На свежий холмик земли рядом с цветами была положена синяя пилотка, поблескивавшая на солнце эмалевой звездочкой.
Над кладбищем прошли бомбардировщики. Они летели низко и тихо, бросая на землю косые ширококрылые тени.
А дороги за кордоном все пылили и пылили. Гудели моторы, громыхали колеса, звенели подковы.
Все более напряженным становился и без того изнурительный темп учений наших десантников. Тревога! Тревога! Тревога!.. И марш-бросок после каждой. Если такое совпадает с днем сухого пайка — собирай все свои силушки. Рыжая селедка, кремень сухаря да кружка жидкого чая. Вот и весь твой дневной рацион. Стискивай зубы, подтягивай ремешок. Ну и песню, конечно, давай. Вынь да положь песню.
И как все-таки мудро многое на свете устроено! Все уже выпотрошены. До конца. Старшина требует от бойцов невозможного. Откуда же взять эти силы, чтобы песня слетела с пересохших селедочных губ?

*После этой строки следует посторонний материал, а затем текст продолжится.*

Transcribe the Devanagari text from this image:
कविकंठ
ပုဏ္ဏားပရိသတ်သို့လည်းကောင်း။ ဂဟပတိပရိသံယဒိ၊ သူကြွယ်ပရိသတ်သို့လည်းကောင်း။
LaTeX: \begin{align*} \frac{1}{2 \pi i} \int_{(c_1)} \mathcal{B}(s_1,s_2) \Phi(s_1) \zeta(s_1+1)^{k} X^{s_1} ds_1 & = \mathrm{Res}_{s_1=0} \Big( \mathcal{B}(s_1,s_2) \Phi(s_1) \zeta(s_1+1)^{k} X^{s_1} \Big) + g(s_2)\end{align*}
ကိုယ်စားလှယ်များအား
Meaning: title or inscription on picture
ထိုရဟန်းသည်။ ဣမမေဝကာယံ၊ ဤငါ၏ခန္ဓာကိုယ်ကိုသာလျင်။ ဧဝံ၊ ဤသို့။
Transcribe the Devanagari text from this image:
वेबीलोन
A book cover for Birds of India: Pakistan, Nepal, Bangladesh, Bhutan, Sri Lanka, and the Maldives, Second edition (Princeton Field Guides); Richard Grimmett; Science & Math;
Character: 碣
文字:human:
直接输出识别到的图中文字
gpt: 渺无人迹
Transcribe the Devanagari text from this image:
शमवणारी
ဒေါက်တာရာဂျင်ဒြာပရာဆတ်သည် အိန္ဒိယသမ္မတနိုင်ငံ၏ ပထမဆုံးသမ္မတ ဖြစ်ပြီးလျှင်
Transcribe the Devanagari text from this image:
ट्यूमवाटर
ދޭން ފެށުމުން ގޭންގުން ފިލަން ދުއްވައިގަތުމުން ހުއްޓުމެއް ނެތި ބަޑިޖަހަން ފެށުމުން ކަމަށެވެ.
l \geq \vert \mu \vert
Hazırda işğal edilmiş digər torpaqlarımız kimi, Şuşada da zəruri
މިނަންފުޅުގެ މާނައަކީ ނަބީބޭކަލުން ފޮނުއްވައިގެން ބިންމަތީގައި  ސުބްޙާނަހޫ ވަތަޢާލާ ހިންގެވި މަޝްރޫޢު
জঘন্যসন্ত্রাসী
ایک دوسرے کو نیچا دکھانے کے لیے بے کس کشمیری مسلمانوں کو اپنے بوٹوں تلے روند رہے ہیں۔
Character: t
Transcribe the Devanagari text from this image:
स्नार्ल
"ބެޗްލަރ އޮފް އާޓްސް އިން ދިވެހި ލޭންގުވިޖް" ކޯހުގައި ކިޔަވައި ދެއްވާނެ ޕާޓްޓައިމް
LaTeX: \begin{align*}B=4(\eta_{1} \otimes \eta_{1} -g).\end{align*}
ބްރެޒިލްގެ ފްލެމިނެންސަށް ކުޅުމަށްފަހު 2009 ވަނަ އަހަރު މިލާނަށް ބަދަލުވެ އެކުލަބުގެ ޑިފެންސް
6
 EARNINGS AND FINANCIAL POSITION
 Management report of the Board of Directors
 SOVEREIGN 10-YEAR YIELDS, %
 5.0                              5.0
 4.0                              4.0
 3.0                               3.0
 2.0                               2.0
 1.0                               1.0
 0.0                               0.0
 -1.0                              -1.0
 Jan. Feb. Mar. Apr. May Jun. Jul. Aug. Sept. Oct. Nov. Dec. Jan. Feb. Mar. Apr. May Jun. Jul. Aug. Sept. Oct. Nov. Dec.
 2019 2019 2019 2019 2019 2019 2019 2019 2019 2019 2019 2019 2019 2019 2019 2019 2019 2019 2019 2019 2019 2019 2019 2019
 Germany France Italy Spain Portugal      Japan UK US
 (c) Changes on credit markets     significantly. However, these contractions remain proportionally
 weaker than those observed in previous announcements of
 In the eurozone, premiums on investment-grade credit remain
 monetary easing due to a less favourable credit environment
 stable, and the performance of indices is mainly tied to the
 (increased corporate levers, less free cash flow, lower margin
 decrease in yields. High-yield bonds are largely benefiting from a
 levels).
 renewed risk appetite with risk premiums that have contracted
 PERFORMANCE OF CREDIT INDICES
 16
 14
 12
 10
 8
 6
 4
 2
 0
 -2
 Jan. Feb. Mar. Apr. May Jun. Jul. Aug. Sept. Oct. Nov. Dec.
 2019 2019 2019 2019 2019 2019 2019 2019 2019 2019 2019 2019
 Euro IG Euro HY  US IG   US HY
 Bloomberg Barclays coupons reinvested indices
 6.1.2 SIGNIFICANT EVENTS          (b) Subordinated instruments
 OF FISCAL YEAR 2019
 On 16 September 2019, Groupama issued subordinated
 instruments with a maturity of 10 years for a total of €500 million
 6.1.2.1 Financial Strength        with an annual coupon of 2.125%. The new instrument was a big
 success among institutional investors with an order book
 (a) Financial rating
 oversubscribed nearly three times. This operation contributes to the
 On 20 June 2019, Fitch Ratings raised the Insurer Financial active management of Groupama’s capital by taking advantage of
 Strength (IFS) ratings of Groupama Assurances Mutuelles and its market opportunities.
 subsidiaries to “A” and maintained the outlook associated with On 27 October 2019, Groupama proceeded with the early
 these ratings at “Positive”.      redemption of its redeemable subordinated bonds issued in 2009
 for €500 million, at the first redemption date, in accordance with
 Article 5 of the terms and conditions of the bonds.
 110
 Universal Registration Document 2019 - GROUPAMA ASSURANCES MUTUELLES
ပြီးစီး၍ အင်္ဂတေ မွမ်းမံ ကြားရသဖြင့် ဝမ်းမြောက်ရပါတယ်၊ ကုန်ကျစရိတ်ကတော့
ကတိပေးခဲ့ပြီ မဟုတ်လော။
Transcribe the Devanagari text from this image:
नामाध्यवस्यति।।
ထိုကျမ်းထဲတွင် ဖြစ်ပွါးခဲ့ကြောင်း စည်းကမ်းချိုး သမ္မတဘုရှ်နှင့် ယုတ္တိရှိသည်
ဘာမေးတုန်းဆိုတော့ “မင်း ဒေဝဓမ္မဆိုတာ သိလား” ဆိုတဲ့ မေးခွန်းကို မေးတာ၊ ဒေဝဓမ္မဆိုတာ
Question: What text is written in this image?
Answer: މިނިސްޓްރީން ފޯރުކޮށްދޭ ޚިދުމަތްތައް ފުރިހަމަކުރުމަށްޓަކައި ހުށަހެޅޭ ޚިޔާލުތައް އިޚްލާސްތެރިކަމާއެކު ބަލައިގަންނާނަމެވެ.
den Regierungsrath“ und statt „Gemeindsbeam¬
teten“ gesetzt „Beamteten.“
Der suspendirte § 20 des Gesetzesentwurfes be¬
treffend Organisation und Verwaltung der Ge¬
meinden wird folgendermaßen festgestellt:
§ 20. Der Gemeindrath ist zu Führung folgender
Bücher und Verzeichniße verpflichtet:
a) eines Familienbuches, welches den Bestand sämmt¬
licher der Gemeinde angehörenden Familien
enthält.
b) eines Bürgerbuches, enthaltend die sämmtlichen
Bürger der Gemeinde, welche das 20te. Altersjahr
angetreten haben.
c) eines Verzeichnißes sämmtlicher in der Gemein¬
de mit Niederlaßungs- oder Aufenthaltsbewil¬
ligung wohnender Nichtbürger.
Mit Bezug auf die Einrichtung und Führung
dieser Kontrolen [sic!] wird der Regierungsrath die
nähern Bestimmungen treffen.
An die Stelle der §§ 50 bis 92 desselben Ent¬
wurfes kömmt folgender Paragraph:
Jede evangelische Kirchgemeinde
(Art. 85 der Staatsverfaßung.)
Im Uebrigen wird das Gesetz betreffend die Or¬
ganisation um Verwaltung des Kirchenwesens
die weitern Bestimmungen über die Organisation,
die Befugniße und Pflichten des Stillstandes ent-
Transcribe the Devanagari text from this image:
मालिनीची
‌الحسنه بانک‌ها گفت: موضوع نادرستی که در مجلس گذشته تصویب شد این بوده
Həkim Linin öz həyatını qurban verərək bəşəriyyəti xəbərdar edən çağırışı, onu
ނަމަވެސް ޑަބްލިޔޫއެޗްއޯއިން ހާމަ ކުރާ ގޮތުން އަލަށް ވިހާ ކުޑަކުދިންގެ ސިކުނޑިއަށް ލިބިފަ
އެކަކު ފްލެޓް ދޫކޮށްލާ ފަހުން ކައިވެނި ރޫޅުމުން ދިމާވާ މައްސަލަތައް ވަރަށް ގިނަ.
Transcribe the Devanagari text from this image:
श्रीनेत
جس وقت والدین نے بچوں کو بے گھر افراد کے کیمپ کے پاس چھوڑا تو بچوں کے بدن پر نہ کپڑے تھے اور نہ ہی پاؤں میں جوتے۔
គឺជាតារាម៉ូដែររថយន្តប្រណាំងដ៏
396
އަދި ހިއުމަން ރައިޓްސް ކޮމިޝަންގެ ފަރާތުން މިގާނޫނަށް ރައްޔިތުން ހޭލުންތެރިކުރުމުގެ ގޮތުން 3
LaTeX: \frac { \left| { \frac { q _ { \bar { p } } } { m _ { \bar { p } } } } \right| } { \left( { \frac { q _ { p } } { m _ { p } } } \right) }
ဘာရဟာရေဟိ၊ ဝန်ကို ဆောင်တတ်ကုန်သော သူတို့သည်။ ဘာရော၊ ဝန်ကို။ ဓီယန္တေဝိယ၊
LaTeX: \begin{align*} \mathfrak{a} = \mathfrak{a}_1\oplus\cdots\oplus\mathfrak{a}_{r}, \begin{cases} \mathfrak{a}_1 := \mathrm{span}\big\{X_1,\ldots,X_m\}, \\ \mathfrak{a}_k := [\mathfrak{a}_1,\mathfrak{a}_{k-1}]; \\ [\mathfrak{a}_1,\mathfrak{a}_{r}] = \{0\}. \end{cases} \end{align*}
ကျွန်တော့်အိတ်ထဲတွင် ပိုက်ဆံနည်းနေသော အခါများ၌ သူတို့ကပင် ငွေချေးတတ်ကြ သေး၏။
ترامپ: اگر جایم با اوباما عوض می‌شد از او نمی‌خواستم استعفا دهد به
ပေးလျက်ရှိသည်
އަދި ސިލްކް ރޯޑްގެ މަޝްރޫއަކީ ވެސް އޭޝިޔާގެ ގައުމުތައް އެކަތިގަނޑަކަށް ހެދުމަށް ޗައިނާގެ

Чтобы натруженные плечи распрямились, чтобы ноги обрели устойчивость? Запевают нехотя, со злостью даже. Вернее, не запевают, а вторят старшине — еле слышно. Проще говоря, чуть шевелят языком, чтобы не придрался старшина, не разгневался, не остановил строя.
Но вот происходит чудо. Шаг за шагом, вздох за вздохом. Все громче и стройней голоса, все уверенней ритм и такт. Про Катюшу.